親父が嫌い、というより、軽蔑していたと表現するほうが正確だろう。親父を見るたび、「こうはなりたくない」と思って生きてきた。おれがいろんな趣味に手を出すのは、生まれながらの好奇心もあるのだろうけれど、根っ子のところには親父への反発があるはずだ。

いまも家族で住んでいる松戸の家は、親父が無駄遣いを一切しない人だったから建てることができた。そのことと、おれをこの世に送り出してくれたことには感謝している。だが、それ以外の部分は本当に嫌だった。おれは20代後半から40歳になるまで松戸の家を出ていたが、それは親から自立するというよりも、単に親父から離れたかったのだ。
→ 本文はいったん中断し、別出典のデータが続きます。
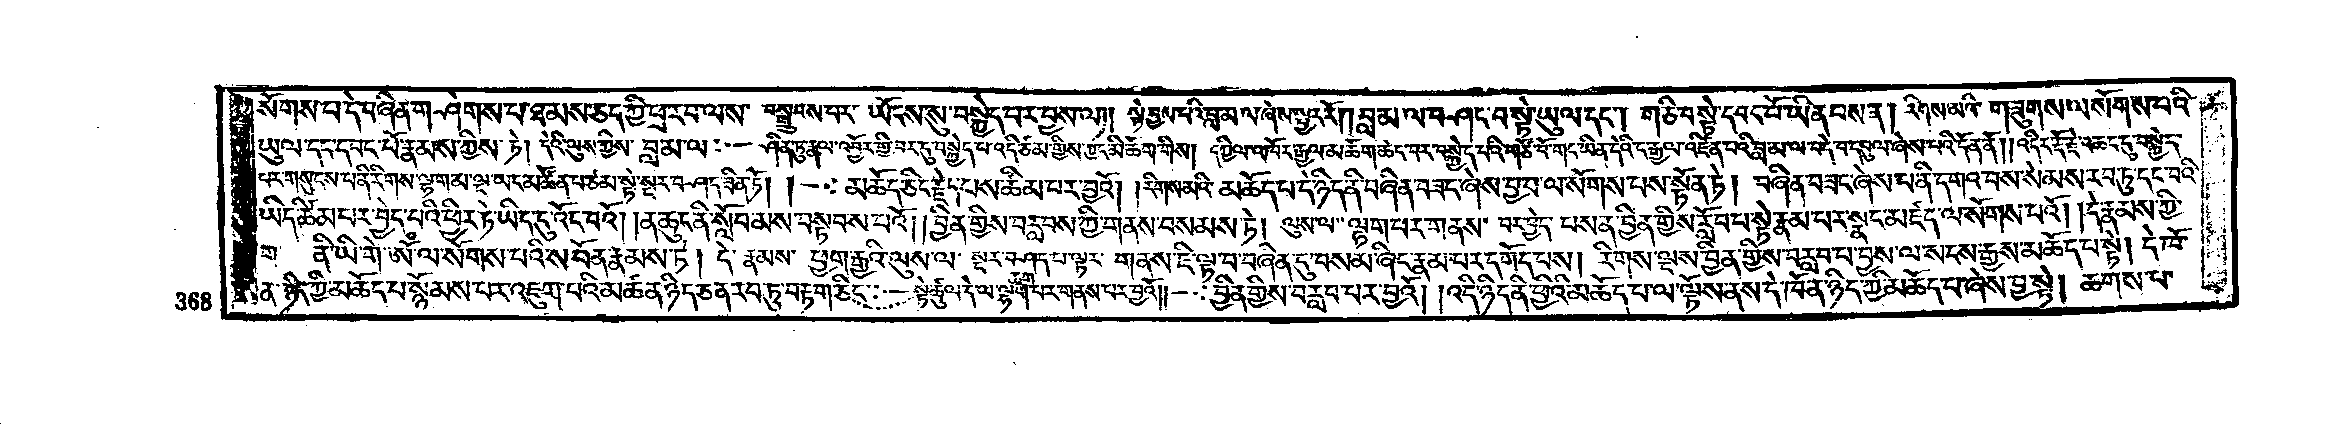སོགས་པ་དེ་བཞིན་གཤེགས་པ་ཐམས་ཅད་ཀྱི་ཕྲ་རབ་ལས་བསྒྲུབས་པར་ཡོངས་སུ་བསྐྱེད་པར་བྱས་ལ། སྟེ་བྱས་པའི་བླ་མ་ལ་ཞེས་སྦྱར་རོ། །བླ་མ་ལ་བཤད་བ་སྟེ་ཡུལ་དང་། གཅི་བ་སྟེ་དབང་པོ་ཡིན་པས་ན། རིགས་མའི་གཟུགས་ལ་སོགས་པའི་
ཡུལ་དང་དབང་པོ་རྣམས་ཀྱིས་ཏེ། དེའི་ལུས་ཀྱིས་བླ་མ་ལཿ་ཤིན་ཏུ་རྣལ་འབྱོར་གྱི་བར་དུ་བསྐྱེད་པ་འདི་ཙམ་གྱིས་ཀྱང་མི་ཆོག་གིས། དཀྱིལ་འཁོར་རྒྱལ་མཆོག་ཚང་བར་བསྐྱེད་པའི་གཙོ་བོ་གང་ཡིན་དེའི་ང་རྒྱལ་འཛིན་པའི་བླ་མ་ལ་བདེ་བ་དབུལ་ཞེས་པའི་དོན་ནོ། །འདིར་རྡོ་རྗེ་འཆང་དུ་བསྐྱེད་
པར་གསུངས་པ་ནི་རིགས་ལྷག་མ་ལྔ་ཡང་མཚོན་པ་ཙམ་སྟེ་སྔར་བཤད་ཟིན་ཏོ། །.H མཆོད་ཅིང་རྗེད་པས་ཚིམ་པར་བྱའོ། ། རིགས་མའི་མཆོད་པ་དེ་ཉིད་ནི་བཞིན་བཟང་ཞེས་བྱ་བ་ལ་སོགས་པས་སྟོན་ཏེ། བཞིན་བཟང་ཞེས་པ་ནི་དགའ་བས་སེམས་རབ་ཏུ་དང་བའི་
ཡིད་ཚིམ་པར་བྱེད་པའི་ཕྱིར་ཏེ་ཡིད་དུ་འོང་བའོ། །ན་ཆུང་ནི་སློབ་མས་བསྟབས་པའོ། །བྱིན་གྱིས་བརླབས་ཀྱི་གནས་བསམས་ཏེ། ལུས་ལ་ལྷག་པར་གནས་པར་བྱེད་པས་ན་བྱིན་གྱིས་རློབ་པ་སྟེ་རྣམ་པར་སྣང་མཛད་ལ་སོགས་པའོ། །དེ་རྣམས་ཀྱི་
གནས་ནི་ཡི་གེ་ཨོཾ་ལ་སོགས་པའི་ས་བོན་རྣམས་ཏེ། དེ་རྣམས་ཕྱག་རྒྱའི་ལུས་ལ་སྔར་བཤད་པ་ལྟར་གནས་ཇི་ལྟ་བ་བཞིན་དུ་བསམ་ཞིང་རྣམ་པར་དགོད་པས། རིགས་ལྔས་བྱིན་གྱིས་བརླབ་པ་བྱས་ལ་སངས་རྒྱས་མཆོད་པ་སྟེ། དེ་ཁོ་
ན་ཉིད་ཀྱི་མཆོད་པ་སྙོམས་པར་འཇུག་པའི་མཚན་ཉིད་ཅན་རབ་ཏུ་བརྟག་ཅིངཿ་སྟེ་ཚུལ་དེ་ལ་ཆག་ལྷག་པར་གནས་པར་བྱའོ།། .H བྱིན་གྱིས་བརླབ་པར་བྱའོ། །འདི་ཉིད་ནི་ཕྱིའི་མཆོད་པ་ལ་ལྟོས་ནས་དེ་ཁོ་ན་ཉིད་ཀྱི་མཆོད་པ་ཞེས་བྱ་སྟེ། ཆགས་པ་

一緒に暮らしていると、親父と似ている自分に気づかされてしまうのが嫌だった。それを認めたくなかった。

ライターとしてデビューした頃、同業の仲間はみんな立派な大学を出ていて、高卒*1のおれは肩身が狭かった。編集部で雑談をしていて、学生時代の話になると身を小さくしていた。同期のライターが新連載を始めると、焦りの気持ちが渦巻いた。友人たちが名前を連ねている雑誌に自分が載っていないと、嫉妬の火が燃え上がった。「おれに声をかけないなんて、あんな雑誌ダメだよ」。誰に言うわけでもないが、心の底でそう思うことが何度もあった。

そのたびに親父の血が自分の中に流れているのを感じて、恐ろしくなった。

ある友人の親父さんは、現役時代に演劇方面で随分と立派な仕事をされた方だったという。謙遜しながらも誇らしげに親父さんの話をするときの彼の表情はとてもいいものだったが、おれには手の届かないものだ。ある友人の親父さんは、音楽方面でたくさんのファンから親しまれた人だった。亡くなったときの彼の落胆は見ていて痛ましいほどだったが、それほどに喪失の悲しみを感じさせてくれる親父がいることに、おれは激しく嫉妬した。

なぜ、うちの親父はそうじゃないんだろう。心から尊敬できる親父の下に生まれたかった。小さい頃から、何度も何度もそんなことを考えた。そして皮肉なことに、そう考える自分の気持ちは、間違いなく当の親父から受け継いだものなのだ。

おれは一生この呪いから逃れられないのか。これまでの人生、少なくとも物書きになってからの30年間は、他人を羨む気持ちと、それを打ち消そうとする気持ちとの戦いだった。それはすなわち、父との戦いでもあった。

親父が死んで、その呪いから解放されたとは思わない。ただ、こうしてここに書きつけているように、ある程度、自分を客観的に見られるようになったのが救いではある。

父への別れの言葉はここに書かないが、願わくば、今後は自分自身が娘から尊敬される父でいられように、他人を羨やんだり、妬んだり、蔑んだりしない生き方をしていこう。

*1:製図の専門学校を出ているが、1年制なので資格的には短大卒にもならない。